What you are asked to do: Write out exactly the lines below that run from the line containing "This arrives 0.6 seconds after image 1." through the last line of the records.

=== Section Start ===

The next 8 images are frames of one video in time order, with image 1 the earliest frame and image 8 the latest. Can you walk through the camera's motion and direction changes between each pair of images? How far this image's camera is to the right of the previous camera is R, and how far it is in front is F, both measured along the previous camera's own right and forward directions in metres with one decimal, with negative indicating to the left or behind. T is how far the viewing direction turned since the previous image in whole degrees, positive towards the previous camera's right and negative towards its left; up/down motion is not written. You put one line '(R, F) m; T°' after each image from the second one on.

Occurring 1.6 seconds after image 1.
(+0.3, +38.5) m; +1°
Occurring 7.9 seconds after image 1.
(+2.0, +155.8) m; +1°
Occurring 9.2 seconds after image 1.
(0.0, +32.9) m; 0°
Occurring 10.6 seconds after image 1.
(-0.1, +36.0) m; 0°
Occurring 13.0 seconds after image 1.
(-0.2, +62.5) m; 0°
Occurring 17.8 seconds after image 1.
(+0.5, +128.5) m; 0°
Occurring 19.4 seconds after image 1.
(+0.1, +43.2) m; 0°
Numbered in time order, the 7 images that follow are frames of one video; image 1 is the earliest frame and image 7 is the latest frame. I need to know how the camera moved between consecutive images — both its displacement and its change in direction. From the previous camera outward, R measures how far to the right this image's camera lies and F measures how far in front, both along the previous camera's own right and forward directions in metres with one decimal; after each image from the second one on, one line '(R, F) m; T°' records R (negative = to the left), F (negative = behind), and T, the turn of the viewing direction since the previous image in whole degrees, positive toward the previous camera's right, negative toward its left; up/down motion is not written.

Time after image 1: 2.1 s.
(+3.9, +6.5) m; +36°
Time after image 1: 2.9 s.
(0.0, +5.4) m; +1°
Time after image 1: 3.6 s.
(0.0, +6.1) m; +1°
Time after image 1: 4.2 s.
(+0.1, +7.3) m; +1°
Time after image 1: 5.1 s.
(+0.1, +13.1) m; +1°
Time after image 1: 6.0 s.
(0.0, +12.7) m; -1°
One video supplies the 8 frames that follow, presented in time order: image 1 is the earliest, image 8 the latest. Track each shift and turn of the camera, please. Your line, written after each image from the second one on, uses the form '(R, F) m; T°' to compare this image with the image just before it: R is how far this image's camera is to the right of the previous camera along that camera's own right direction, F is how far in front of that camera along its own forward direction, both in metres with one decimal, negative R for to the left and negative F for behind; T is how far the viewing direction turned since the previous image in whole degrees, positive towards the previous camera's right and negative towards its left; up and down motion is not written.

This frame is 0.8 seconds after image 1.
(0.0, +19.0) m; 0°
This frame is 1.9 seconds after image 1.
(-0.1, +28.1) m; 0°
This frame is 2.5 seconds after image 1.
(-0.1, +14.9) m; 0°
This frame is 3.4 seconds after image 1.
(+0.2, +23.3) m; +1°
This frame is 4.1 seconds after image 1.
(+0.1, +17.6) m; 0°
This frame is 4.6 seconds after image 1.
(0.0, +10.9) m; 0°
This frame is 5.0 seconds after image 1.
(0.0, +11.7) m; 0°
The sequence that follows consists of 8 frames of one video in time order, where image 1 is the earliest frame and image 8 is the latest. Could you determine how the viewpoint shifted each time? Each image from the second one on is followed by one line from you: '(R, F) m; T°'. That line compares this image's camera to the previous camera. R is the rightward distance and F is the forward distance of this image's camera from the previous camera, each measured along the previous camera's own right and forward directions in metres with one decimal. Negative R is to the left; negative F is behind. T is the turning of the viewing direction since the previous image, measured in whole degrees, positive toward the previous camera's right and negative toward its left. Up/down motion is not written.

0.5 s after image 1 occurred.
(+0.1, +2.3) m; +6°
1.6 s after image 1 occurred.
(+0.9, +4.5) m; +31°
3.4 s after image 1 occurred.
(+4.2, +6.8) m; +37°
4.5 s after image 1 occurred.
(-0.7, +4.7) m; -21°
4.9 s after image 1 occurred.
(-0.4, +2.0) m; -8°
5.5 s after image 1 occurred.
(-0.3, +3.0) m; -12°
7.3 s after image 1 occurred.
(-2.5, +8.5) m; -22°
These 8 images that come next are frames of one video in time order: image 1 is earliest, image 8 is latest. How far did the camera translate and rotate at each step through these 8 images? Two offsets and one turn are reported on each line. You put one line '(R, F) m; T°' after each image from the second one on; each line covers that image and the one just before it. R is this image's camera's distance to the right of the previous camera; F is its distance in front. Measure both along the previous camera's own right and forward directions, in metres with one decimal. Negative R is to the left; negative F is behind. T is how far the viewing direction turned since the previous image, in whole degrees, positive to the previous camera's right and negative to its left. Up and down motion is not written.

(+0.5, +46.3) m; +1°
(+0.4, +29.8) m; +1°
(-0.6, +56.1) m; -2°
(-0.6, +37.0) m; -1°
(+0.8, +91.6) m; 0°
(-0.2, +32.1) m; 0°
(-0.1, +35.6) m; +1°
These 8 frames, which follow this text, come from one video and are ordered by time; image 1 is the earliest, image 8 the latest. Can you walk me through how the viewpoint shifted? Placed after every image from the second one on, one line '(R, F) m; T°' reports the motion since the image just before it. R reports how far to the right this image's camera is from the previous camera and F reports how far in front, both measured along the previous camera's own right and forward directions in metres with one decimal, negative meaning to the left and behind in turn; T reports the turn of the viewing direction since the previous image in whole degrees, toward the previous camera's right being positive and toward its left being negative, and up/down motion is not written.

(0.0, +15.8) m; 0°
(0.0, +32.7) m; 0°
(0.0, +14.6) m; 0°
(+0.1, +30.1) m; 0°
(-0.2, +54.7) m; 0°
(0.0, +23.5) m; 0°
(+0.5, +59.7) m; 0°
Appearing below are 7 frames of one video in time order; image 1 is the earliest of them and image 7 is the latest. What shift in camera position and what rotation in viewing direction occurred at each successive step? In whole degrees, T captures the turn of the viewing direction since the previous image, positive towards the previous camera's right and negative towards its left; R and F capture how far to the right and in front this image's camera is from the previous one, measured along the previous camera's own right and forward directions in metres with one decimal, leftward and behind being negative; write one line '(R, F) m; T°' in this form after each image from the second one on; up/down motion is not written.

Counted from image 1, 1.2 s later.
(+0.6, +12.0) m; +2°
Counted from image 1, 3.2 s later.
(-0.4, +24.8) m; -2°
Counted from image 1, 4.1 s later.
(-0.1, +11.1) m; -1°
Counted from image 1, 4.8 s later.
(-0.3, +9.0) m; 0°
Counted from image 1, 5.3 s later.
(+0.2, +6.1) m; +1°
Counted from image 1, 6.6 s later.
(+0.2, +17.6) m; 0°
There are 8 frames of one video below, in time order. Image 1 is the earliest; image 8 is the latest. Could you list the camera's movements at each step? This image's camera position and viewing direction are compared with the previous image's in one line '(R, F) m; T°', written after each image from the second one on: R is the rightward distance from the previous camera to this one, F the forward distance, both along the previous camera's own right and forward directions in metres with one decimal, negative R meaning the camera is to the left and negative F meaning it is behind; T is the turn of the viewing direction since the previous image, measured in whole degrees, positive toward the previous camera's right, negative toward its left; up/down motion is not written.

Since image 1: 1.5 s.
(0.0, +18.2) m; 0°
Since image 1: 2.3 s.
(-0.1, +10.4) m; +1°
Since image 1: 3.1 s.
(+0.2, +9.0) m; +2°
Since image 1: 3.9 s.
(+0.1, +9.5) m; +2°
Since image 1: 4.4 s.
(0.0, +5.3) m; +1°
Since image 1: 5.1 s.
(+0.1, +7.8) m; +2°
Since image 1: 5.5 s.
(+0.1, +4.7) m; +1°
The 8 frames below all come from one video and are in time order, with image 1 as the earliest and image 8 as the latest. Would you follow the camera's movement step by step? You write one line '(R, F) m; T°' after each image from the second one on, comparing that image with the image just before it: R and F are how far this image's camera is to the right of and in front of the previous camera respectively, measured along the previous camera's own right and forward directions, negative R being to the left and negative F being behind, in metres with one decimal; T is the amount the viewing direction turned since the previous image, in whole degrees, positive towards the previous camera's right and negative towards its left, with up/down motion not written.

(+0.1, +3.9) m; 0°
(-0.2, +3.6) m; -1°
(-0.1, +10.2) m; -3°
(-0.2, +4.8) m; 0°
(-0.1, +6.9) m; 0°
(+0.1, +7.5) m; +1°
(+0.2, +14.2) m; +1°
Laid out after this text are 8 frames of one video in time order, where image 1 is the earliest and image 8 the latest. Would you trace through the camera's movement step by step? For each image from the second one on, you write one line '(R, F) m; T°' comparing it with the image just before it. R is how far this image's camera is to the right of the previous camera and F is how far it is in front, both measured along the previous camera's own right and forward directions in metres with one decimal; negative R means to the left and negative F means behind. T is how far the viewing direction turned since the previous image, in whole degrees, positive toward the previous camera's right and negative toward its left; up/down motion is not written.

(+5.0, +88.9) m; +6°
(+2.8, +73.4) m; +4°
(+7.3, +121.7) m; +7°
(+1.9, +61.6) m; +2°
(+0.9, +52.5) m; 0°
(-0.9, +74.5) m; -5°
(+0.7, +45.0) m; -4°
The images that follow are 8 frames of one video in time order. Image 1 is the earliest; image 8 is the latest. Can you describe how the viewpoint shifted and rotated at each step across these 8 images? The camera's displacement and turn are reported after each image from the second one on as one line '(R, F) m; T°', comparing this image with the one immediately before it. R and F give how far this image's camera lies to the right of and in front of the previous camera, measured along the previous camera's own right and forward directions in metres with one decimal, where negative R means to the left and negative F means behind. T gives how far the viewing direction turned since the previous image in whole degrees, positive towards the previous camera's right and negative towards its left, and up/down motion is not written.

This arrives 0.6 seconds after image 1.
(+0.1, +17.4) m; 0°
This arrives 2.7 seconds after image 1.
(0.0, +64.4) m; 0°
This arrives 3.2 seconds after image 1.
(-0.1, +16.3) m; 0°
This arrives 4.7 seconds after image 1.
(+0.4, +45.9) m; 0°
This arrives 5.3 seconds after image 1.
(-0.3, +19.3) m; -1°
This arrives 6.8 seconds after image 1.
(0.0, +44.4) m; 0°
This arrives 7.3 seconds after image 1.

=== Section End ===

The answer:
This arrives 0.6 seconds after image 1.
(+0.1, +17.4) m; 0°
This arrives 2.7 seconds after image 1.
(0.0, +64.4) m; 0°
This arrives 3.2 seconds after image 1.
(-0.1, +16.3) m; 0°
This arrives 4.7 seconds after image 1.
(+0.4, +45.9) m; 0°
This arrives 5.3 seconds after image 1.
(-0.3, +19.3) m; -1°
This arrives 6.8 seconds after image 1.
(0.0, +44.4) m; 0°
This arrives 7.3 seconds after image 1.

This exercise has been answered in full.